* _Activity_:
Which lines of the listing hold the string "fora"? Show each of them.

* _Data to examine_:
————————

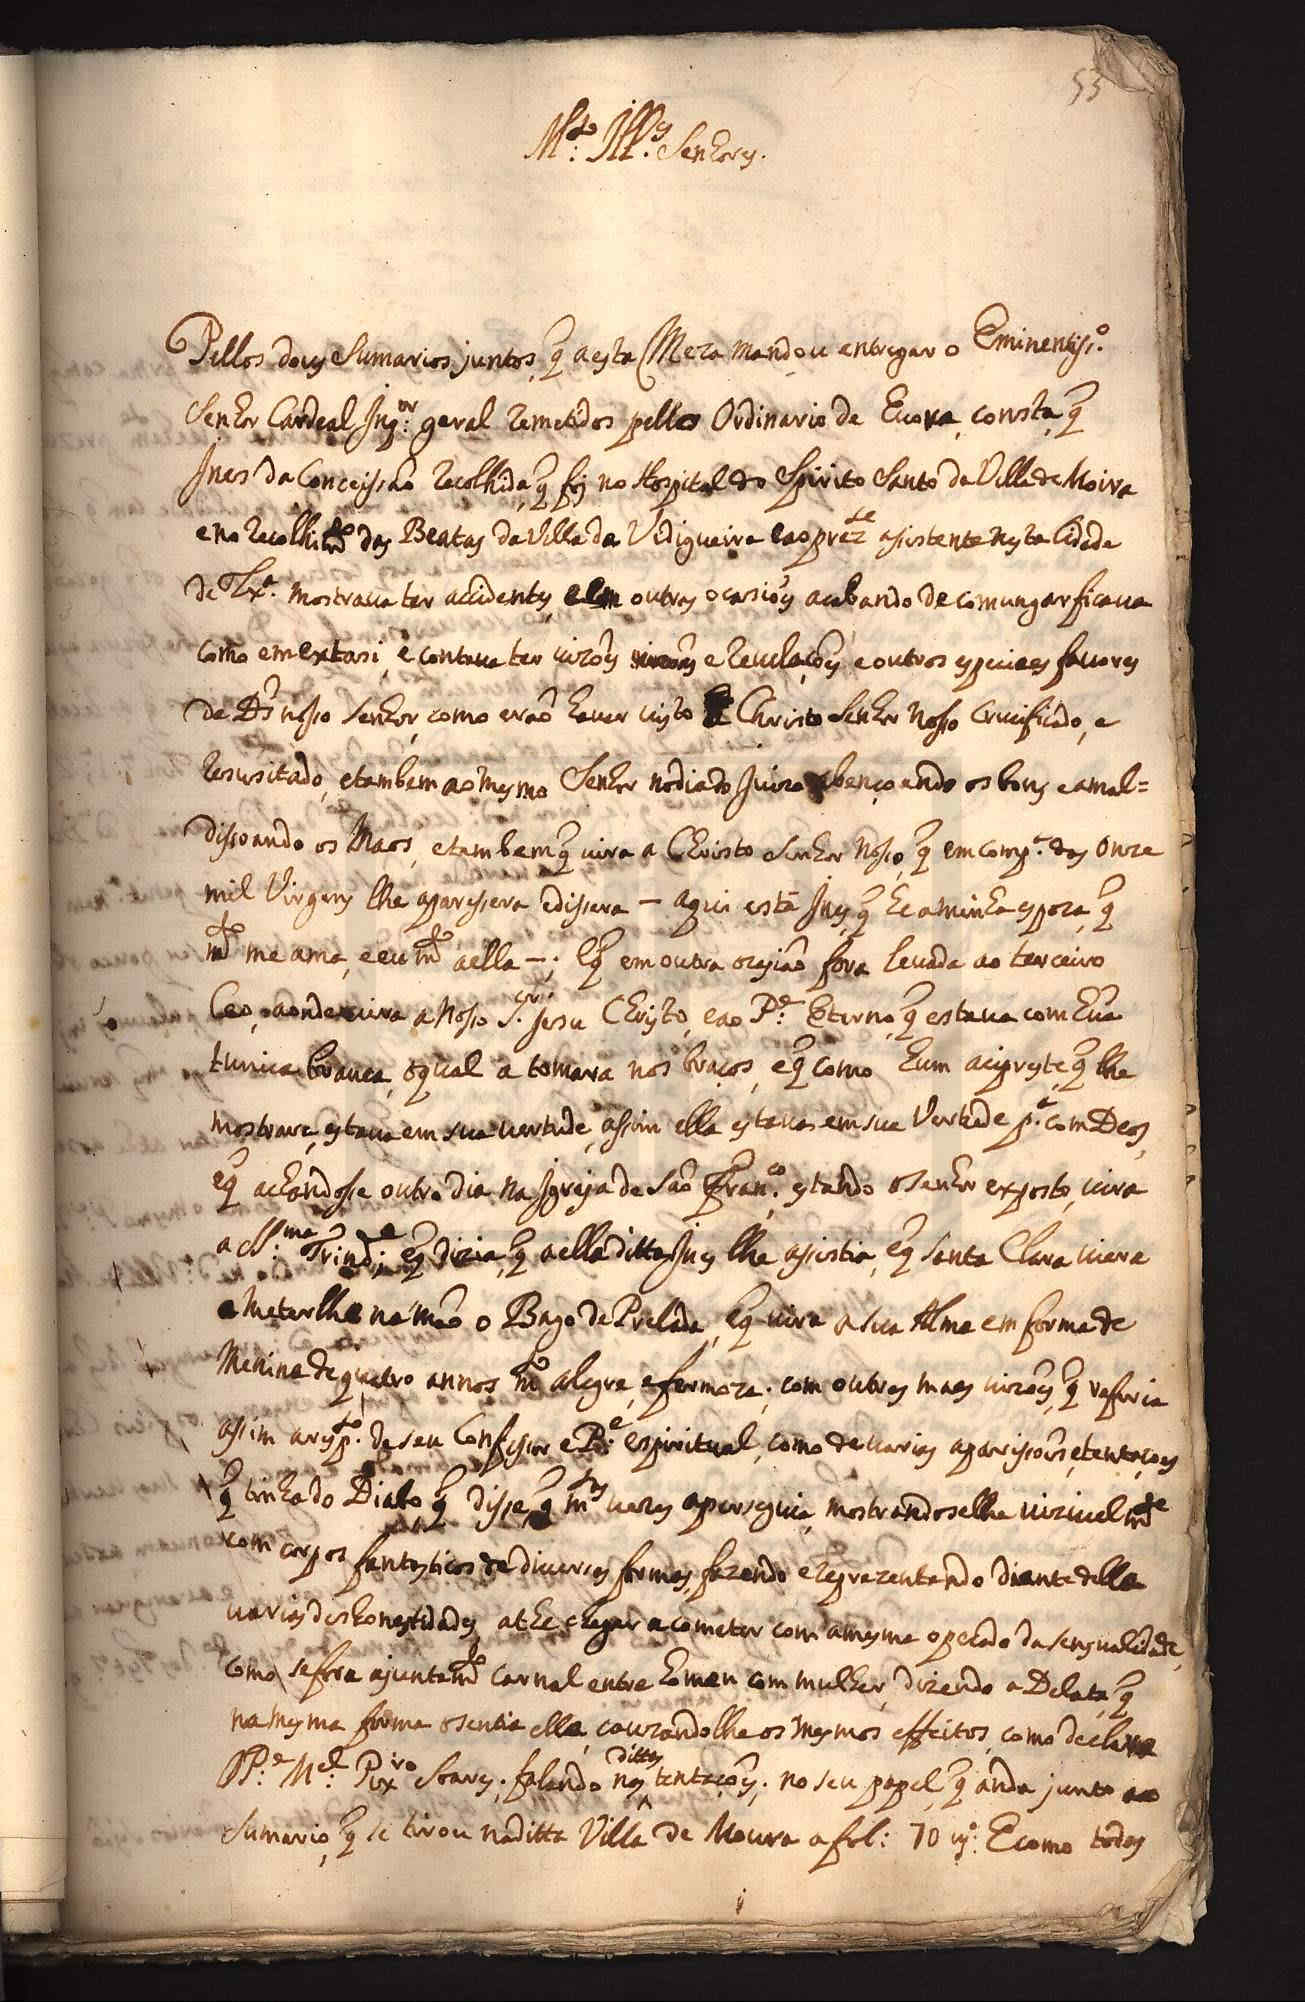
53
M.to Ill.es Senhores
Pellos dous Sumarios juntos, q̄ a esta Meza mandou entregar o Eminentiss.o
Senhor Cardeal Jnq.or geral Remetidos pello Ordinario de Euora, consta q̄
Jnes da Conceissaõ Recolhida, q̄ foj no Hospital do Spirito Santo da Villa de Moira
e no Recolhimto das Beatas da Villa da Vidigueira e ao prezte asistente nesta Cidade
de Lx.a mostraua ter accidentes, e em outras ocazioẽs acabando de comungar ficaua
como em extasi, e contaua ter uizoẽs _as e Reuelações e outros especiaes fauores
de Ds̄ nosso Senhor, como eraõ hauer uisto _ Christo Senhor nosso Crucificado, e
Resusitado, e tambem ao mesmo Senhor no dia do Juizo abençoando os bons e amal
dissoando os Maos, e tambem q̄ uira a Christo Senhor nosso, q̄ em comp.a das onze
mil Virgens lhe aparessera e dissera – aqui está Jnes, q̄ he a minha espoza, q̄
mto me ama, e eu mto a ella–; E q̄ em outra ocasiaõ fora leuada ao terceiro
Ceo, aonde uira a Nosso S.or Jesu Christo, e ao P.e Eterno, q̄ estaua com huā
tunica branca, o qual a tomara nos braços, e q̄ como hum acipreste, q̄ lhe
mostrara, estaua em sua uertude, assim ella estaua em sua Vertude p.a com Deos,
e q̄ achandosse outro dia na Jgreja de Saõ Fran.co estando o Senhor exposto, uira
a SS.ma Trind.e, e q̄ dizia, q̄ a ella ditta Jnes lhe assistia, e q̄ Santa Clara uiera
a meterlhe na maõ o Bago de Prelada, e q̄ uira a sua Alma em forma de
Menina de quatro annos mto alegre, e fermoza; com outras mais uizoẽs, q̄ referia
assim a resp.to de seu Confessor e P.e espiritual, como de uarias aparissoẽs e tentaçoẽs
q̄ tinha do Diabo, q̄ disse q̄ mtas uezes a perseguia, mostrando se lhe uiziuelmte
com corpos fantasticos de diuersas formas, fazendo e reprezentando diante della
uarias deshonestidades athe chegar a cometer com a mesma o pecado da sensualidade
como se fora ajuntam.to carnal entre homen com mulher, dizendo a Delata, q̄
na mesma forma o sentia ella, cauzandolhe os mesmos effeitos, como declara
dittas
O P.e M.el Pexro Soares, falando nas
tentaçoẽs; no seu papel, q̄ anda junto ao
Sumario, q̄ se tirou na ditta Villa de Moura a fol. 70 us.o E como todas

————————

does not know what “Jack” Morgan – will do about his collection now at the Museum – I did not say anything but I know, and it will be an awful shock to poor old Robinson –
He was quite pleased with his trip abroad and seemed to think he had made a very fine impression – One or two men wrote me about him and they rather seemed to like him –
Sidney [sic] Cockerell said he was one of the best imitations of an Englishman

————————

* _Answer to the problem_:
mto me ama, e eu mto a ella–; E q̄ em outra ocasiaõ fora leuada ao terceiro
como se fora ajuntam.to carnal entre homen com mulher, dizendo a Delata, q̄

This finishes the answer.